1. Subscribersonhouse
    Fast and Curious
    slatington, pa, usa
    Joined
    28 Dec '04
    Moves
    53223
    14 May '14 11:281 edit
    So my doc (for real) gave me these pills to take but the instructions were a bit garbled, the gist is I start with 6 pills on day one and there are 33 pills to take. What is the regimen? For instance, you could start day one, 6, day two, 5, day 3, 4, etc, summation of 1-6, or 21. No cigar, 12 pills left.

    So what is the regimen that uses up exactly 33 pills.
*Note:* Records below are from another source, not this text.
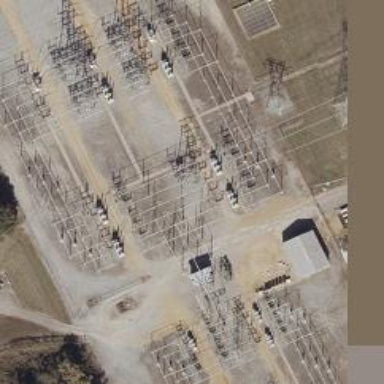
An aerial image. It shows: Switch for power supply.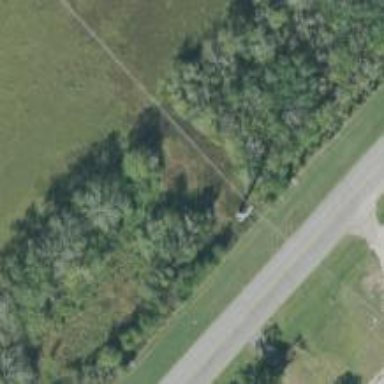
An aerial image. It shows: Power pole.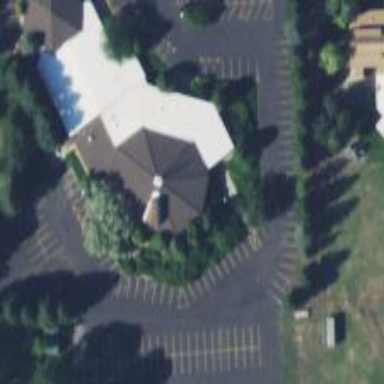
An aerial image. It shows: Place of worship for religious activities.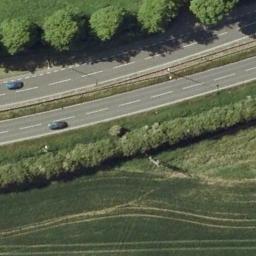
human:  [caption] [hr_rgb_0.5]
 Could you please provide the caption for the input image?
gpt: The freeway with a small bend has many trees on either side of the freeway and some cars are driving on freeways .

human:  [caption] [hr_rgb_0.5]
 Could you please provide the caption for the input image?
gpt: There are few cars on the motorway .

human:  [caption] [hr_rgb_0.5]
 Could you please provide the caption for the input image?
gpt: The freeway is surrounded by a large green lawn with two cars on the freeway .

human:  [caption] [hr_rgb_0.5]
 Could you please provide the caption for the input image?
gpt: The freeway goes through the grass with some trees .

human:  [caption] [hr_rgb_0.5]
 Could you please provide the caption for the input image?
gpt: There are green trees and lawns along the freeway with two cars .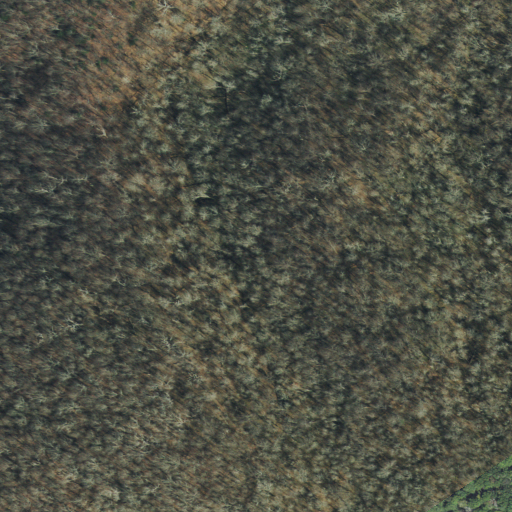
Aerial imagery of ridge(s) in Tennessee named Doe Ridge containing deciduous forest and mixed forest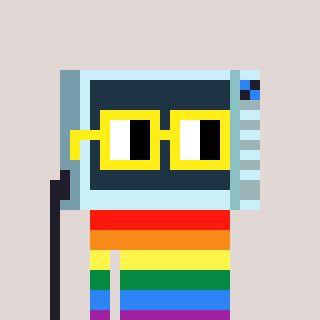
a pixel art character with square yellow glasses, a microwave-shaped head and a bege-colored body on a warm background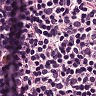
Metastatic tissue present: no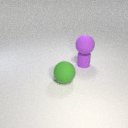
large purple rubber sphere above small purple rubber cylinder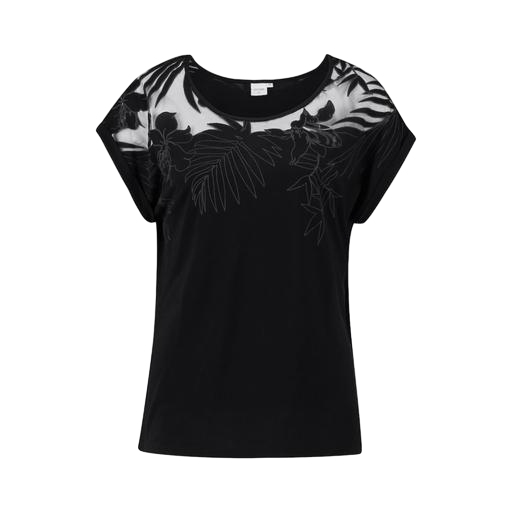
black plus size printed t-shirt only macy, black mesh-paneled t-shirt, black hibiscus print t-shirt, white background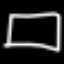
Label: square
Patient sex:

    I know there are those with beautiful minds out there who will solve this before the ink dries on my monitor Joe 🙂 but put the answer in that hidden icon thing or PM me the results so other people can solve it also!
  2. R
    Standard memberRemoved
    Joined
    10 Dec '06
    Moves
    8528
    14 May '14 22:263 edits
    Originally posted by sonhouse
    So my doc (for real) gave me these pills to take but the instructions were a bit garbled, the gist is I start with 6 pills on day one and there are 33 pills to take. What is the regimen? For instance, you could start day one, 6, day two, 5, day 3, 4, etc, summation of 1-6, or 21. No cigar, 12 pills left.
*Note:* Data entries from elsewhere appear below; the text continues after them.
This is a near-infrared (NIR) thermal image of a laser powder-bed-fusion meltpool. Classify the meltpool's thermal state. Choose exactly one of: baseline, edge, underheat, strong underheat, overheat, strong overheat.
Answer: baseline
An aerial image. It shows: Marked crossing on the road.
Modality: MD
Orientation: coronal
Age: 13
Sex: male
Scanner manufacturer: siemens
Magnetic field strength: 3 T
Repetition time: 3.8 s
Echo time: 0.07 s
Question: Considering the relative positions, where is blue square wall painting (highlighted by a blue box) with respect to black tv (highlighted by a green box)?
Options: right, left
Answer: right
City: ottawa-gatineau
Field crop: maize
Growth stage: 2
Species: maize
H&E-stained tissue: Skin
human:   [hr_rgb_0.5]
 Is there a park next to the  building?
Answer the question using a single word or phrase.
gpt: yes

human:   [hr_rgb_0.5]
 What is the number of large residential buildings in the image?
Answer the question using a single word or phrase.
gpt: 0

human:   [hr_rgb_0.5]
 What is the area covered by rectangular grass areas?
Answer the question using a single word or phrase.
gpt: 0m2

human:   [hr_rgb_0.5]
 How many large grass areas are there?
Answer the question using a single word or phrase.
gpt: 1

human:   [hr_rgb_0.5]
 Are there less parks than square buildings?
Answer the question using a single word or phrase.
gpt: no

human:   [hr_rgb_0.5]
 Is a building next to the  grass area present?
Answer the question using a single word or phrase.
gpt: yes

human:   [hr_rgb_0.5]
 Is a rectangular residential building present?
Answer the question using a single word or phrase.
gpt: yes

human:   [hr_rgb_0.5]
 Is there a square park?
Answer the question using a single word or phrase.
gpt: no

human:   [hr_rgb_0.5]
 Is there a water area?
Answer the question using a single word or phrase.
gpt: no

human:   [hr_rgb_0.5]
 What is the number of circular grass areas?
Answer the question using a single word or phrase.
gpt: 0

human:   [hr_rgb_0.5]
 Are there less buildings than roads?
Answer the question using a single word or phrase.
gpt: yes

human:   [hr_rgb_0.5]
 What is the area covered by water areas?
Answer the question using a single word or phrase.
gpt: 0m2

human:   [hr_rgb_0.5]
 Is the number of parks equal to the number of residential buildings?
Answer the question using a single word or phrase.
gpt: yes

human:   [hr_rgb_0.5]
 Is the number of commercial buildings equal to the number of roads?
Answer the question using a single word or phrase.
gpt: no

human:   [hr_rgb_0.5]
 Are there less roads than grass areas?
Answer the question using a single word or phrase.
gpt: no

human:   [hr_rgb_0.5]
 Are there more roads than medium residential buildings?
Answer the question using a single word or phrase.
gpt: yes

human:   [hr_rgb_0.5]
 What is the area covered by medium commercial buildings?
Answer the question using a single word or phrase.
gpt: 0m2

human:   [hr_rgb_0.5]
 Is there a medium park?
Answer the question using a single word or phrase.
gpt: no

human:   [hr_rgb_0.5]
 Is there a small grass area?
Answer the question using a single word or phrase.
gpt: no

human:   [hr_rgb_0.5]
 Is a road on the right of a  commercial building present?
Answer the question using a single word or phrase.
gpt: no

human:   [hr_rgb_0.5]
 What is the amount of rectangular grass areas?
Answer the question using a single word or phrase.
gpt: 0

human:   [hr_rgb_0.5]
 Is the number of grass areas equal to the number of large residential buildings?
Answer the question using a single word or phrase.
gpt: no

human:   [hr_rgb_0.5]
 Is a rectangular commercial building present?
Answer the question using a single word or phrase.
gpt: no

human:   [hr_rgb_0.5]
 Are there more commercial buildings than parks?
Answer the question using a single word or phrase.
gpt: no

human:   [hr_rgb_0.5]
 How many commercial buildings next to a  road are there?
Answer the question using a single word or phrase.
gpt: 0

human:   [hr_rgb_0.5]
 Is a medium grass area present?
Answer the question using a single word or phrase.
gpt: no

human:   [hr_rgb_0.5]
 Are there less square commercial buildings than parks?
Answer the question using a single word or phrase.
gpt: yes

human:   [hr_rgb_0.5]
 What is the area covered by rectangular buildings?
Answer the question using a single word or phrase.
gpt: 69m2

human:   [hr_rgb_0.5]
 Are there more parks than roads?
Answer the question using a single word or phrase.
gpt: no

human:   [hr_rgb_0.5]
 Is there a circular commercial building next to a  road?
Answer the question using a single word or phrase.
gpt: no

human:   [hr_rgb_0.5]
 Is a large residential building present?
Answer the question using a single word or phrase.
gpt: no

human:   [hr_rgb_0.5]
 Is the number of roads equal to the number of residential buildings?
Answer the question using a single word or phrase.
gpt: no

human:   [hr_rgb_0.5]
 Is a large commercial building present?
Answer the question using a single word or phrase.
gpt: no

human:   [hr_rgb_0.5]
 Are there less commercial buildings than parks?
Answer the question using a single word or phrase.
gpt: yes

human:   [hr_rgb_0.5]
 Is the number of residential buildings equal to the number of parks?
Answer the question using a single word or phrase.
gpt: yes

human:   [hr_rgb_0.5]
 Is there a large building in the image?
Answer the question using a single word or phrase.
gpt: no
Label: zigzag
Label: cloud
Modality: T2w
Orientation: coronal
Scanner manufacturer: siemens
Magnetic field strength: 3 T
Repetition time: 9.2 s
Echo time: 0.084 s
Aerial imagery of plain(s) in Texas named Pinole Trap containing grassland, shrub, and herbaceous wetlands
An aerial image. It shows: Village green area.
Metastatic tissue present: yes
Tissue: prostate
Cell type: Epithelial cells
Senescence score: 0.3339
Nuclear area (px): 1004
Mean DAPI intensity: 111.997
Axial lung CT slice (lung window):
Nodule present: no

    So what is the regimen that uses up exactly 33 pil ...[text shortened]... put the answer in that hidden icon thing or PM me the results so other people can solve it also!
    I don't know about a beautiful mind...although it was a good book, but I will say this: Unless you are implying with your example that the number of pills is sequentially decreasing on each consecutive day ( which I assume you are, but just wanted to clarify) there are C(32,6) solutions.

    C(32,6) = 32!/(6!(26!)) = 32*31*30*29*28*27/(6*5*4*3*2*1) = 906,192 solutions to the problem as stated!

    Edit: I think.
  3. Subscribersonhouse
    Fast and Curious
    slatington, pa, usa
    Joined
    28 Dec '04
    Moves
    53223
    14 May '14 23:033 edits
    Originally posted by joe shmo
    I don't know about a beautiful mind...although it was a good book, but I will say this: Unless you are implying with your example that the number of pills is sequentially decreasing on each consecutive day ( which I assume you are, but just wanted to clarify) there are C(32,6) solutions.
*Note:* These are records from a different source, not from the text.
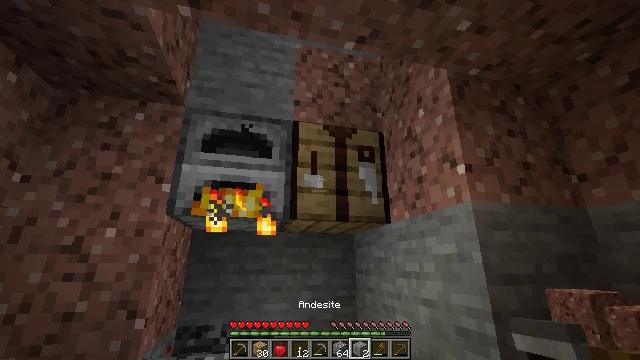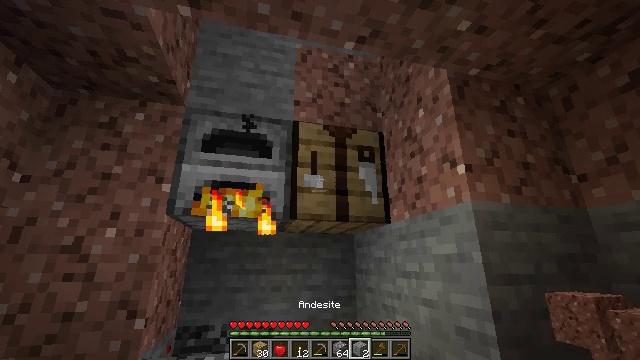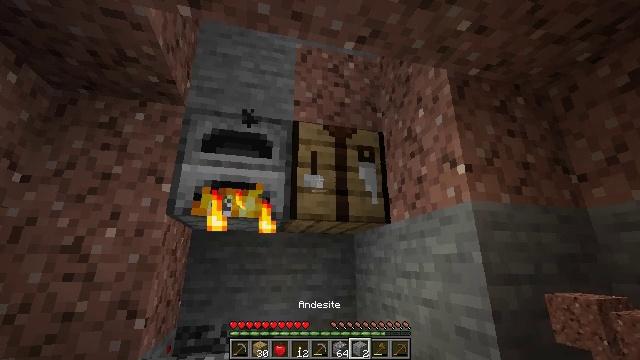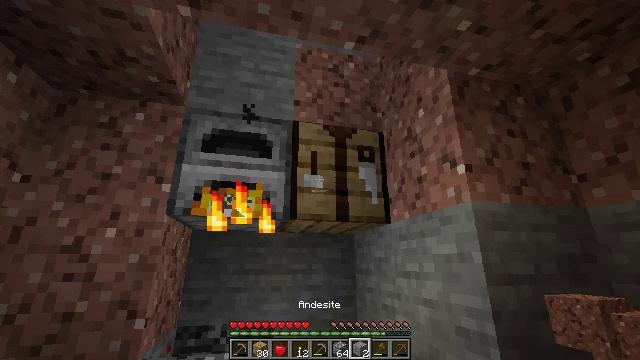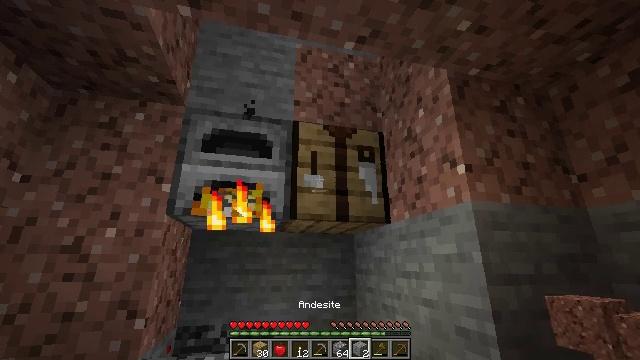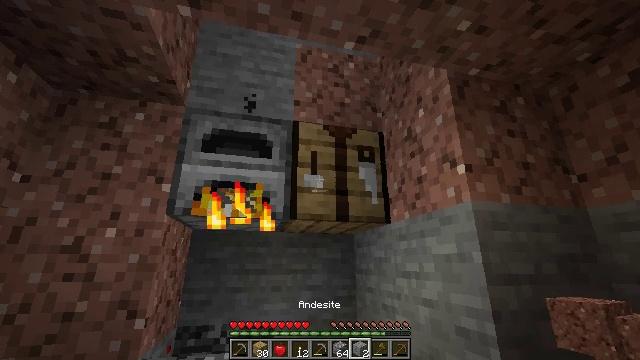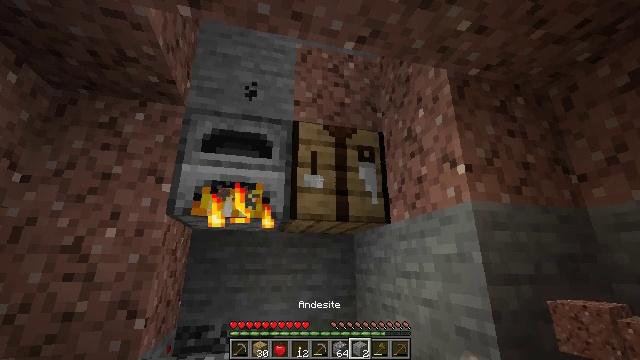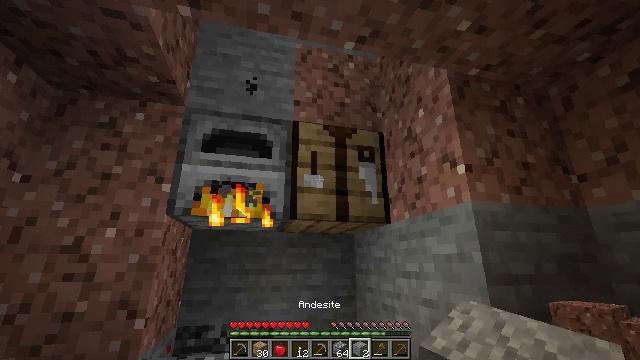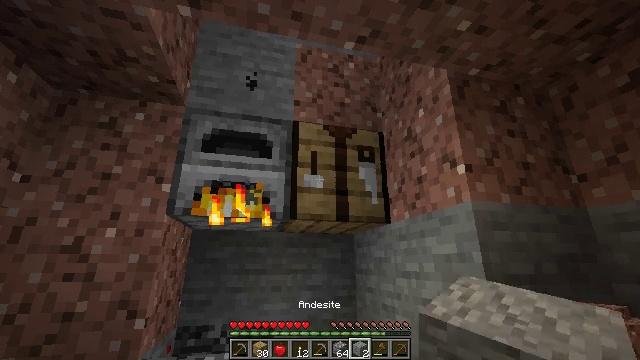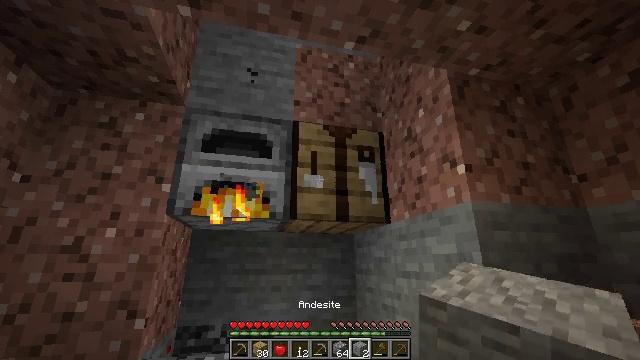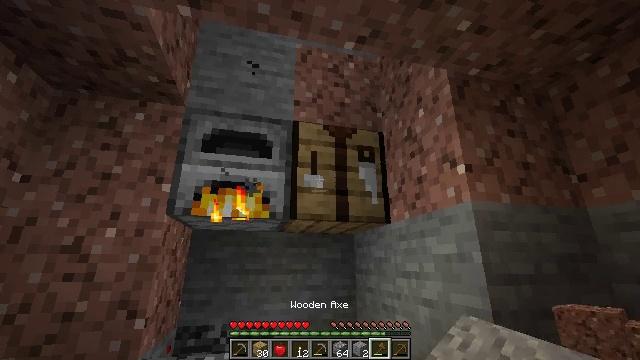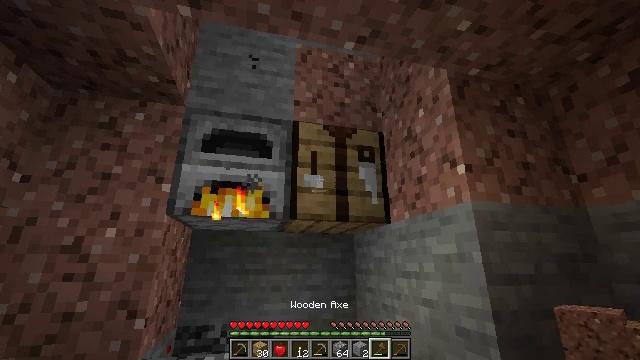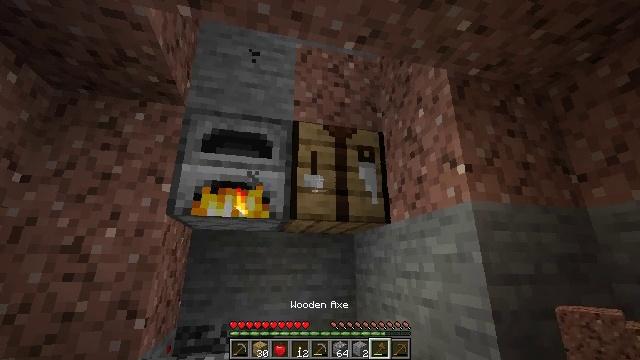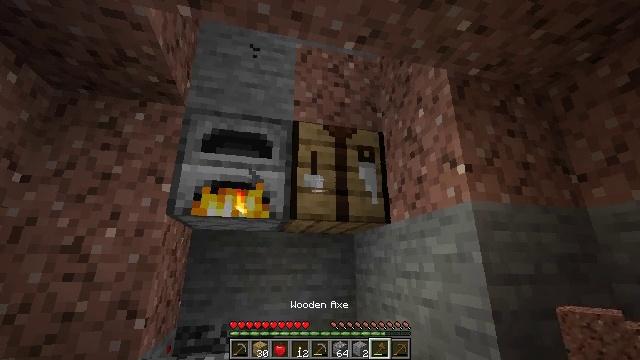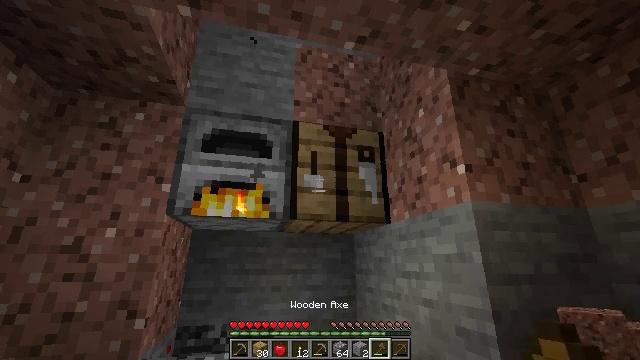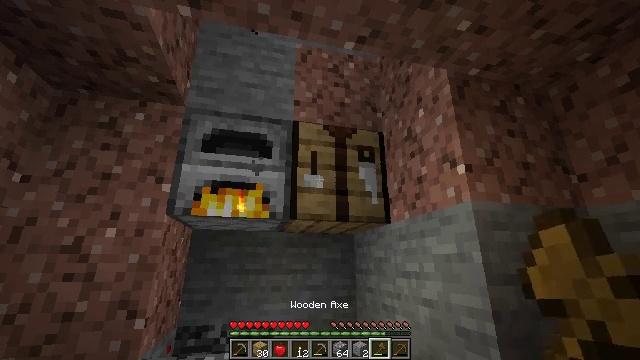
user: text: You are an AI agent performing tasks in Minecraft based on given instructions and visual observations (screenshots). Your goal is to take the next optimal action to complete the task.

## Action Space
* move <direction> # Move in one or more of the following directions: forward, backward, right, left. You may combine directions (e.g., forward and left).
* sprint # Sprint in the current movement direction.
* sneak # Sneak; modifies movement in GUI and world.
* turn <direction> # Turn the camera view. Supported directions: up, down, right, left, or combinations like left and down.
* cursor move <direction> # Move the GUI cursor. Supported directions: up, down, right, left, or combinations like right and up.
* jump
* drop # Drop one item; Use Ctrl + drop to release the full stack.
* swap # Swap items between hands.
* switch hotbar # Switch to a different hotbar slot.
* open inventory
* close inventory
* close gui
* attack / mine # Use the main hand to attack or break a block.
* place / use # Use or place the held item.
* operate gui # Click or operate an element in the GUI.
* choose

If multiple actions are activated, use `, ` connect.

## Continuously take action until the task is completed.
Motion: motion action
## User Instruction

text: Recycle the crafting table.
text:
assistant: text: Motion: no_op
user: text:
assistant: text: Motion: no_op
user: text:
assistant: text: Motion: no_op
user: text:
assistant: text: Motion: no_op
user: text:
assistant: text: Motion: no_op
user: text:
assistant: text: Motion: no_op
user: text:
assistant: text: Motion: no_op
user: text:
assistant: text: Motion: no_op
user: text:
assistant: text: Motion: no_op
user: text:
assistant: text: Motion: no_op
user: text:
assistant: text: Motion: no_op
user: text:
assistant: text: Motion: no_op
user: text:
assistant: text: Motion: no_op
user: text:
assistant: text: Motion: no_op
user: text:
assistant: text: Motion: no_op
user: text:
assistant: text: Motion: no_op
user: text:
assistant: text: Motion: no_op
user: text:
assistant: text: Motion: no_op
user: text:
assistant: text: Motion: no_op
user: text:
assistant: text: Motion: move forward
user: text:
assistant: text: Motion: move forward
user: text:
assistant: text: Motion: move forward
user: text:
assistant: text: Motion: turn up
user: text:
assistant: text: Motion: turn left and up
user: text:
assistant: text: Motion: turn up
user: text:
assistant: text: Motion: attack / mine
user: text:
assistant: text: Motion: attack / mine
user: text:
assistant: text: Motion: attack / mine
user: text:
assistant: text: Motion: turn right and up, attack / mine
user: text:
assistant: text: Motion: turn right, attack / mine

    C(32,6) = 32!/(6!(26!)) = 32*31*30*29*28*27/(6*5*4*3*2*1) = 906,192 solutions to the problem as stated!

    Edit: I think.
    Where does the 32 come in? There are 33 pills and the regimen disposes of them at the last day, yes it is decreasing. I didn't know there could be THAT many solutions! Why are they factorials? why aren't they just summation kind of things?

    Can you give specific examples of what works? I know what I worked out but would be interested in other possibilities also. Another restraint on the solution is the steps have to be even, that is to say one step with X pills next step even down, even down, etc. Does that constrain the solutions?
  4. R
    Standard memberRemoved
    Joined
    10 Dec '06
    Moves
    8528
    15 May '14 01:221 edit
    Originally posted by sonhouse
    Where does the 32 come in? There are 33 pills and the regimen disposes of them at the last day, yes it is decreasing. I didn't know there could be THAT many solutions! Why are they factorials? why aren't they just summation kind of things?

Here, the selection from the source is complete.